The first two weeks of GSoC has gone by, and it’s time for another blog post! It’s been exciting so far, to work on VisPy and figure out what needs to be done, and how I need to approach it.
A high level overview of these two weeks was basically figuring out where everything should fit in properly, and gently getting everything into shape.
SceneGraph and Plotting
We’re waiting on a huge pull request to pass through - this one rewrites the entire
Scenegraph system in VisPy. This is critical for my goal of plotting, so I’ll be tasked with helping this one along. Once it pushes through, I can start implementing the plotting part of my project goal.
In the meanwhile, the discussion about the plotting API got very lively, where the different API styles were discussed. While I was inclined to use the Grammar of Graphics style API in the beginning, I can now see that it might be impractical in the real-world, where API usability is sadly trumped by beauty. Therefore, we decided to go with the familiar
manipulatable style API rather than the stylistically different Grammar of graphics style API. However, all is not lost :) The GoG style API can still be implement over the regular API, although I suppose that falls into the cabinet of “future work”
Vispy performance in Interactive Mode
There used to be a severe performance hit on running Vispy code in interactive mode (
python -i <filename>).
The issue was caused because the Vispy main loop would sleep on idle to reduce CPU usage when run inside an interpreter. However, it was sleeping for much longer than needed, which caused a signifiant drop in FPS.
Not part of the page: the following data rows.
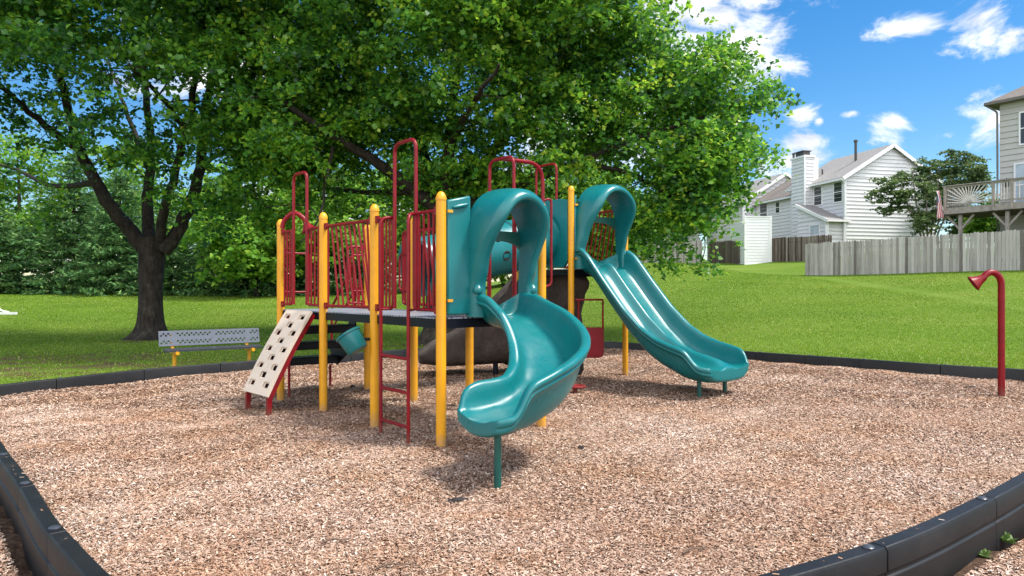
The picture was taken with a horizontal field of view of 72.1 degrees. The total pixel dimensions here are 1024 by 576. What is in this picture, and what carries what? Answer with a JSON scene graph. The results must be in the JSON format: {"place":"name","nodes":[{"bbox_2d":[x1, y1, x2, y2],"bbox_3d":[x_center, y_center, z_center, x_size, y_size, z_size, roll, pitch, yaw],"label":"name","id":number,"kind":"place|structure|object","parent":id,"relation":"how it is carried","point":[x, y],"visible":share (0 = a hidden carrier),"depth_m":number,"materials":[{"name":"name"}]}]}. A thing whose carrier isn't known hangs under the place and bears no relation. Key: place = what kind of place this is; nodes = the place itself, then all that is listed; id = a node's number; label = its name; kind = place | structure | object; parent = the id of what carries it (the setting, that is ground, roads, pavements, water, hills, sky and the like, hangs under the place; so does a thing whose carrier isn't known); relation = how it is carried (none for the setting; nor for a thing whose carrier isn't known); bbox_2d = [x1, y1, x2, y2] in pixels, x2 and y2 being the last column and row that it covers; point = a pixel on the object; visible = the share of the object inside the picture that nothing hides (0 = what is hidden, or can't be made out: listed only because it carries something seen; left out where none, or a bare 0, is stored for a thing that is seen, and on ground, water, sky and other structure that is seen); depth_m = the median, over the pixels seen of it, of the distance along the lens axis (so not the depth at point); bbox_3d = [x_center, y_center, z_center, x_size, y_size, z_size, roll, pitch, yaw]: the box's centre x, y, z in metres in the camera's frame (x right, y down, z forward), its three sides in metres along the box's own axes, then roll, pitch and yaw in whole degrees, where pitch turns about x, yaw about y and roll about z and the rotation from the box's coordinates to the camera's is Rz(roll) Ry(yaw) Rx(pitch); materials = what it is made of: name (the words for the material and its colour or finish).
{"place":"outdoors","nodes":[
{"label":"outdoors","id":0,"kind":"place"},
{"bbox_2d":[0,248,1023,575],"bbox_3d":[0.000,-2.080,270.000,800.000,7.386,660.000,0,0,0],"label":"lawn","id":1,"kind":"structure","parent":0,"point":[12,540],"depth_m":21.88,"materials":[{"name":"green plant"}]},
{"bbox_2d":[0,441,10,456],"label":"border timber","id":2,"kind":"object","parent":1,"relation":"on","point":[4,452],"visible":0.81,"depth_m":4.93,"materials":[{"name":"black plastic"}]},
{"bbox_2d":[0,309,16,314],"bbox_3d":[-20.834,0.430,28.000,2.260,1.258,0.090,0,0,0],"label":"goal base","id":3,"kind":"object","parent":1,"relation":"on","point":[3,312],"visible":1,"depth_m":27.95,"materials":[{"name":"white plastic"}]},
{"bbox_2d":[0,456,33,533],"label":"border timber","id":4,"kind":"object","parent":1,"relation":"on","point":[14,481],"visible":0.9,"depth_m":4.33,"materials":[{"name":"black plastic"}]},
{"bbox_2d":[0,379,55,396],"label":"border timber","id":5,"kind":"object","parent":1,"relation":"on","point":[21,387],"visible":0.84,"depth_m":9.01,"materials":[{"name":"black plastic"}]},
{"bbox_2d":[0,200,56,293],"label":"pine tree","id":6,"kind":"object","parent":1,"relation":"on","point":[5,258],"visible":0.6,"depth_m":43.90,"materials":[{"name":"green plant"}]},
{"bbox_2d":[18,485,65,575],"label":"border timber","id":7,"kind":"object","parent":1,"relation":"on","point":[37,526],"visible":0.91,"depth_m":3.58,"materials":[{"name":"black plastic"}]},
{"bbox_2d":[0,131,88,274],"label":"shade tree","id":8,"kind":"object","parent":1,"relation":"on","point":[32,170],"visible":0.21,"depth_m":53.72,"materials":[{"name":"green plant"}]},
{"bbox_2d":[0,153,127,294],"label":"pine tree","id":9,"kind":"object","parent":1,"relation":"on","point":[61,248],"visible":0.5,"depth_m":43.65,"materials":[{"name":"green plant"}]},
{"bbox_2d":[47,531,110,575],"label":"border timber","id":10,"kind":"object","parent":1,"relation":"on","point":[69,555],"visible":1,"depth_m":3.06,"materials":[{"name":"black plastic"}]},
{"bbox_2d":[54,369,143,388],"bbox_3d":[-5.789,1.358,9.911,0.108,0.328,1.240,0,0,29],"label":"border timber","id":11,"kind":"object","parent":1,"relation":"on","point":[115,378],"visible":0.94,"depth_m":9.88,"materials":[{"name":"black plastic"}]},
{"bbox_2d":[32,170,177,296],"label":"pine tree","id":12,"kind":"object","parent":1,"relation":"on","point":[115,240],"visible":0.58,"depth_m":42.25,"materials":[{"name":"green plant"}]},
{"bbox_2d":[55,130,216,268],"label":"shade tree","id":13,"kind":"object","parent":1,"relation":"on","point":[137,180],"visible":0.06,"depth_m":50.06,"materials":[{"name":"green plant"}]},
{"bbox_2d":[107,202,215,295],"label":"pine tree","id":14,"kind":"object","parent":1,"relation":"on","point":[169,282],"visible":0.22,"depth_m":41.46,"materials":[{"name":"green plant"}]},
{"bbox_2d":[144,363,219,380],"bbox_3d":[-5.104,1.358,10.897,0.110,0.328,1.166,0,0,41],"label":"border timber","id":15,"kind":"object","parent":1,"relation":"on","point":[162,372],"visible":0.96,"depth_m":10.84,"materials":[{"name":"black plastic"}]},
{"bbox_2d":[0,0,397,340],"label":"maple tree","id":16,"kind":"object","parent":1,"relation":"on","point":[188,42],"visible":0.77,"depth_m":16.50,"materials":[{"name":"green plant"}]},
{"bbox_2d":[158,328,262,365],"bbox_3d":[-5.186,1.154,12.222,1.664,0.852,0.464,0,0,-37],"label":"park bench","id":17,"kind":"object","parent":1,"relation":"on","point":[172,337],"visible":0.98,"depth_m":12.26,"materials":[{"name":"grey metal"}]},
{"bbox_2d":[164,242,267,295],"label":"pine tree","id":18,"kind":"object","parent":1,"relation":"on","point":[203,287],"visible":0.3,"depth_m":40.78,"materials":[{"name":"green plant"}]},
{"bbox_2d":[220,360,256,372],"bbox_3d":[-4.282,1.358,11.767,0.094,0.328,1.217,0,0,45],"label":"border timber","id":19,"kind":"object","parent":1,"relation":"on","point":[235,366],"visible":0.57,"depth_m":11.50,"materials":[{"name":"black plastic"}]},
{"bbox_2d":[167,156,350,296],"bbox_3d":[-14.106,-3.922,39.580,9.571,9.227,8.713,0,0,0],"label":"shade tree","id":20,"kind":"object","parent":1,"relation":"on","point":[257,257],"visible":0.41,"depth_m":38.26,"materials":[{"name":"green plant"}]},
{"bbox_2d":[211,245,313,296],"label":"pine tree","id":21,"kind":"object","parent":1,"relation":"on","point":[264,290],"visible":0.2,"depth_m":40.33,"materials":[{"name":"green plant"}]},
{"bbox_2d":[269,244,363,296],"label":"pine tree","id":22,"kind":"object","parent":1,"relation":"on","point":[332,285],"visible":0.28,"depth_m":41.07,"materials":[{"name":"green plant"}]},
{"bbox_2d":[312,355,350,364],"bbox_3d":[-3.426,1.358,12.616,1.181,0.328,0.091,0,0,-44],"label":"border timber","id":23,"kind":"object","parent":1,"relation":"on","point":[347,358],"visible":0.12,"depth_m":12.93,"materials":[{"name":"black plastic"}]},
{"bbox_2d":[262,156,420,282],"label":"shade tree","id":24,"kind":"object","parent":1,"relation":"on","point":[346,215],"visible":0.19,"depth_m":42.66,"materials":[{"name":"green plant"}]},
{"bbox_2d":[313,232,401,295],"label":"pine tree","id":25,"kind":"object","parent":1,"relation":"on","point":[362,275],"visible":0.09,"depth_m":42.05,"materials":[{"name":"green plant"}]},
{"bbox_2d":[351,349,404,360],"bbox_3d":[-2.567,1.358,13.443,1.189,0.328,0.095,0,0,-43],"label":"border timber","id":26,"kind":"object","parent":1,"relation":"on","point":[359,356],"visible":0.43,"depth_m":13.53,"materials":[{"name":"black plastic"}]},
{"bbox_2d":[337,141,440,266],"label":"shade tree","id":27,"kind":"object","parent":1,"relation":"on","point":[399,238],"visible":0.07,"depth_m":44.83,"materials":[{"name":"green plant"}]},
{"bbox_2d":[161,0,804,344],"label":"maple tree","id":28,"kind":"object","parent":1,"relation":"on","point":[535,60],"visible":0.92,"depth_m":15.84,"materials":[{"name":"green plant"}]},
{"bbox_2d":[0,348,1023,575],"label":"wood chips","id":29,"kind":"object","parent":1,"relation":"on","point":[1015,424],"visible":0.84,"depth_m":5.19,"materials":[{"name":"brown wood"}]},
{"bbox_2d":[321,537,350,543],"bbox_3d":[-0.946,1.354,3.784,0.163,0.018,0.029,0,0,-23],"label":"twig","id":30,"kind":"object","parent":29,"relation":"on","point":[324,541],"visible":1,"depth_m":3.78,"materials":[{"name":"brown wood"}]},
{"bbox_2d":[376,562,416,568],"bbox_3d":[-0.563,1.351,3.439,0.202,0.018,0.028,0,0,-15],"label":"twig","id":31,"kind":"object","parent":29,"relation":"on","point":[386,564],"visible":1,"depth_m":3.44,"materials":[{"name":"brown wood"}]},
{"bbox_2d":[445,497,467,502],"bbox_3d":[-0.366,1.407,4.665,0.171,0.039,0.067,0,0,-29],"label":"bark chunk","id":32,"kind":"object","parent":29,"relation":"on","point":[458,499],"visible":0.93,"depth_m":4.65,"materials":[{"name":"brown wood"}]},
{"bbox_2d":[243,138,748,488],"bbox_3d":[0.026,-0.174,8.801,5.697,3.387,6.012,0,0,-43],"label":"play structure","id":33,"kind":"object","parent":29,"relation":"on","point":[524,323],"visible":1,"depth_m":7.33,"materials":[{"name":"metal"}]},
{"bbox_2d":[572,384,585,392],"bbox_3d":[0.830,1.373,9.250,0.290,0.195,0.220,0,0,0],"label":"step loop","id":34,"kind":"object","parent":29,"relation":"on","point":[575,387],"visible":0.59,"depth_m":9.21,"materials":[{"name":"red metal"}]},
{"bbox_2d":[682,545,705,553],"bbox_3d":[0.961,1.372,3.700,0.182,0.018,0.029,0,0,-29],"label":"twig","id":35,"kind":"object","parent":29,"relation":"on","point":[686,550],"visible":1,"depth_m":3.70,"materials":[{"name":"brown wood"}]},
{"bbox_2d":[967,269,1004,396],"bbox_3d":[6.082,0.641,9.041,0.455,1.758,0.204,0,0,0],"label":"talk tube","id":36,"kind":"object","parent":29,"relation":"on","point":[976,282],"visible":0.98,"depth_m":8.98,"materials":[{"name":"red metal"}]},
{"bbox_2d":[1001,531,1017,543],"bbox_3d":[2.719,1.368,3.890,0.125,0.062,0.114,0,0,29],"label":"weed","id":37,"kind":"object","parent":29,"relation":"on","point":[1007,537],"visible":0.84,"depth_m":3.88,"materials":[{"name":"green plant"}]},
{"bbox_2d":[486,268,552,286],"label":"shade tree","id":38,"kind":"object","parent":1,"relation":"on","point":[502,279],"visible":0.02,"depth_m":46.66,"materials":[{"name":"green plant"}]},
{"bbox_2d":[507,162,605,203],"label":"shade tree","id":39,"kind":"object","parent":1,"relation":"on","point":[549,185],"visible":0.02,"depth_m":54.07,"materials":[{"name":"green plant"}]},
{"bbox_2d":[567,199,636,261],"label":"shade tree","id":40,"kind":"object","parent":1,"relation":"on","point":[597,245],"visible":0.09,"depth_m":48.87,"materials":[{"name":"green plant"}]},
{"bbox_2d":[560,162,660,257],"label":"shade tree","id":41,"kind":"object","parent":1,"relation":"on","point":[616,177],"visible":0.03,"depth_m":58.82,"materials":[{"name":"green plant"}]},
{"bbox_2d":[607,341,644,350],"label":"border timber","id":42,"kind":"object","parent":1,"relation":"on","point":[632,346],"visible":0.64,"depth_m":15.54,"materials":[{"name":"black plastic"}]},
{"bbox_2d":[637,240,701,262],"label":"board fence","id":43,"kind":"object","parent":1,"relation":"on","point":[698,244],"visible":0.12,"depth_m":58.39,"materials":[{"name":"grey wood"}]},
{"bbox_2d":[642,218,701,262],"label":"house","id":44,"kind":"structure","parent":1,"relation":"on","point":[696,237],"depth_m":64.50,"materials":[{"name":"white plastic"}]},
{"bbox_2d":[637,168,724,249],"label":"shade tree","id":45,"kind":"object","parent":1,"relation":"on","point":[662,197],"visible":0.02,"depth_m":64.14,"materials":[{"name":"green plant"}]},
{"bbox_2d":[708,240,739,263],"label":"board fence","id":46,"kind":"object","parent":1,"relation":"on","point":[729,252],"visible":0.6,"depth_m":54.06,"materials":[{"name":"wood"}]},
{"bbox_2d":[707,172,791,260],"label":"townhouse","id":47,"kind":"structure","parent":1,"relation":"on","point":[761,187],"depth_m":59.51,"materials":[{"name":"white plastic"}]},
{"bbox_2d":[744,351,755,360],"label":"border timber","id":48,"kind":"object","parent":1,"relation":"on","point":[750,355],"visible":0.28,"depth_m":13.35,"materials":[{"name":"black plastic"}]},
{"bbox_2d":[730,216,771,264],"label":"privacy screen","id":49,"kind":"object","parent":1,"relation":"on","point":[755,233],"visible":0.86,"depth_m":50.01,"materials":[{"name":"white plastic"}]},
{"bbox_2d":[751,153,794,251],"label":"townhouse","id":50,"kind":"structure","parent":1,"relation":"on","point":[775,204],"depth_m":56.02,"materials":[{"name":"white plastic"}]},
{"bbox_2d":[759,203,767,215],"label":"window","id":51,"kind":"structure","parent":50,"relation":"in","point":[765,205],"depth_m":57.69,"materials":[{"name":"white glass"}]},
{"bbox_2d":[775,201,779,213],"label":"window","id":52,"kind":"structure","parent":50,"relation":"in","point":[777,204],"depth_m":55.86,"materials":[{"name":"white glass"}]},
{"bbox_2d":[756,351,804,363],"bbox_3d":[4.947,1.358,12.973,0.920,0.328,0.095,0,0,45],"label":"border timber","id":53,"kind":"object","parent":1,"relation":"on","point":[779,357],"visible":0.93,"depth_m":12.94,"materials":[{"name":"black plastic"}]},
{"bbox_2d":[772,235,831,261],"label":"board fence","id":54,"kind":"object","parent":1,"relation":"on","point":[792,248],"visible":0.71,"depth_m":48.66,"materials":[{"name":"wood"}]},
{"bbox_2d":[757,543,886,575],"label":"border timber","id":55,"kind":"object","parent":1,"relation":"on","point":[869,559],"visible":1,"depth_m":2.98,"materials":[{"name":"black plastic"}]},
{"bbox_2d":[805,355,858,368],"bbox_3d":[5.607,1.358,12.326,0.912,0.328,0.092,0,0,45],"label":"border timber","id":56,"kind":"object","parent":1,"relation":"on","point":[830,361],"visible":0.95,"depth_m":12.29,"materials":[{"name":"black plastic"}]},
{"bbox_2d":[785,139,943,255],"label":"townhouse","id":57,"kind":"structure","parent":1,"relation":"on","point":[828,198],"depth_m":48.94,"materials":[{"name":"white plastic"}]},
{"bbox_2d":[813,185,822,205],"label":"window","id":58,"kind":"structure","parent":57,"relation":"in","point":[818,197],"depth_m":50.63,"materials":[{"name":"white glass"}]},
{"bbox_2d":[833,180,842,203],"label":"window","id":59,"kind":"structure","parent":57,"relation":"in","point":[838,197],"depth_m":48.55,"materials":[{"name":"white glass"}]},
{"bbox_2d":[859,358,940,374],"bbox_3d":[6.342,1.358,11.546,0.098,0.328,1.218,0,0,-43],"label":"border timber","id":60,"kind":"object","parent":1,"relation":"on","point":[912,367],"visible":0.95,"depth_m":11.47,"materials":[{"name":"black plastic"}]},
{"bbox_2d":[805,229,1023,274],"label":"board fence","id":61,"kind":"object","parent":1,"relation":"on","point":[901,255],"visible":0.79,"depth_m":34.87,"materials":[{"name":"grey wood"}]},
{"bbox_2d":[864,148,992,254],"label":"crape myrtle","id":62,"kind":"object","parent":1,"relation":"on","point":[923,216],"visible":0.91,"depth_m":42.04,"materials":[{"name":"green plant"}]},
{"bbox_2d":[871,495,995,575],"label":"border timber","id":63,"kind":"object","parent":1,"relation":"on","point":[954,541],"visible":0.98,"depth_m":3.43,"materials":[{"name":"black plastic"}]},
{"bbox_2d":[920,158,999,236],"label":"shade tree","id":64,"kind":"object","parent":1,"relation":"on","point":[954,229],"visible":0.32,"depth_m":47.19,"materials":[{"name":"green plant"}]},
{"bbox_2d":[955,195,999,252],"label":"shrub","id":65,"kind":"object","parent":1,"relation":"on","point":[984,224],"visible":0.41,"depth_m":43.33,"materials":[{"name":"green plant"}]},
{"bbox_2d":[941,364,1023,380],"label":"border timber","id":66,"kind":"object","parent":1,"relation":"on","point":[977,372],"visible":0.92,"depth_m":10.75,"materials":[{"name":"black plastic"}]},
{"bbox_2d":[942,86,1023,258],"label":"house","id":67,"kind":"structure","parent":1,"relation":"on","point":[1009,208],"depth_m":35.75,"materials":[{"name":"beige wood"}]},
{"bbox_2d":[936,191,943,218],"bbox_3d":[21.894,-4.277,35.969,0.187,1.454,0.432,0,0,-33],"label":"flag","id":68,"kind":"object","parent":67,"relation":"attached to","point":[940,215],"visible":1,"depth_m":35.98,"materials":[{"name":"fabric"}]},
{"bbox_2d":[1014,162,1023,201],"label":"patio door","id":69,"kind":"structure","parent":67,"relation":"in","point":[1018,167],"depth_m":35.72,"materials":[{"name":"white glass"}]},
{"bbox_2d":[1019,111,1023,145],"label":"window","id":70,"kind":"structure","parent":67,"relation":"in","point":[1021,114],"depth_m":35.64,"materials":[{"name":"white glass"}]},
{"bbox_2d":[979,549,991,556],"bbox_3d":[2.454,1.379,3.681,0.086,0.035,0.102,0,0,0],"label":"weed","id":71,"kind":"object","parent":1,"relation":"on","point":[984,552],"visible":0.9,"depth_m":3.66,"materials":[{"name":"green plant"}]},
{"bbox_2d":[981,472,1023,550],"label":"border timber","id":72,"kind":"object","parent":1,"relation":"on","point":[1008,496],"visible":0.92,"depth_m":3.98,"materials":[{"name":"black plastic"}]},
{"bbox_2d":[0,0,1023,281],"label":"sky","id":73,"kind":"structure","parent":0,"point":[917,76],"materials":[{"name":"blue"}]}
]}

The fix was to modify the sleep time to get an ideal compromise between sleep versus rendering, which was fixed in this pull request
I’ve also been implementing a
ColorBar visual for VisPy, that’s useful to show color information to the user (and will be integrated into the plotting API later). While doing this, I found a bug with the
TextVisual system, which resizes text objects that have two or more strings attached to them. It’s still open, and we’re unsure as to why this is
happening. I’ll be taking a harder look at this next week, as well Eric.
Vispy, IPython and WebGL
There was also some discussion of the WebGL backend that VisPy has - allowing it to be integrated into IPython notebooks (this is super cool, since it lets you write VisPy code and have it execute in-browser, just like matplotlib does). It’s still in its infancy, but I’ve been thinking of helping around with that a bit, since it seems really awesome to use and toy around with.
We had a discussion on whether the WebGL backend should automatically load if you’re using VisPy in an
IPython notebook so you automatically get embeddable visualizations. The decision was to make it an opt-in feature in the form of an
IPython extension. I’ve begun work on this, and will hopefully be merged by tomorrow or day after.
This needed a little bit of a code change in the
vispy.test modules as well, since the code for testing had to be upgraded. It needs to now check for the existence of IPython and only then run the test cases.
Travis CI and
AppVeyor had to be changed so they install IPython in the test machines.
All of these changes combined should lay down a stable foundation to work on Vispy’s IPython integration.
Other minor things include cleaning up some code, fixing a few documentation bugs here and there, and little things like that.
The plan for the next week is to help finish off the
SceneGraph and start work on the
vispy.plot library, so we can get a high-level plotting interface.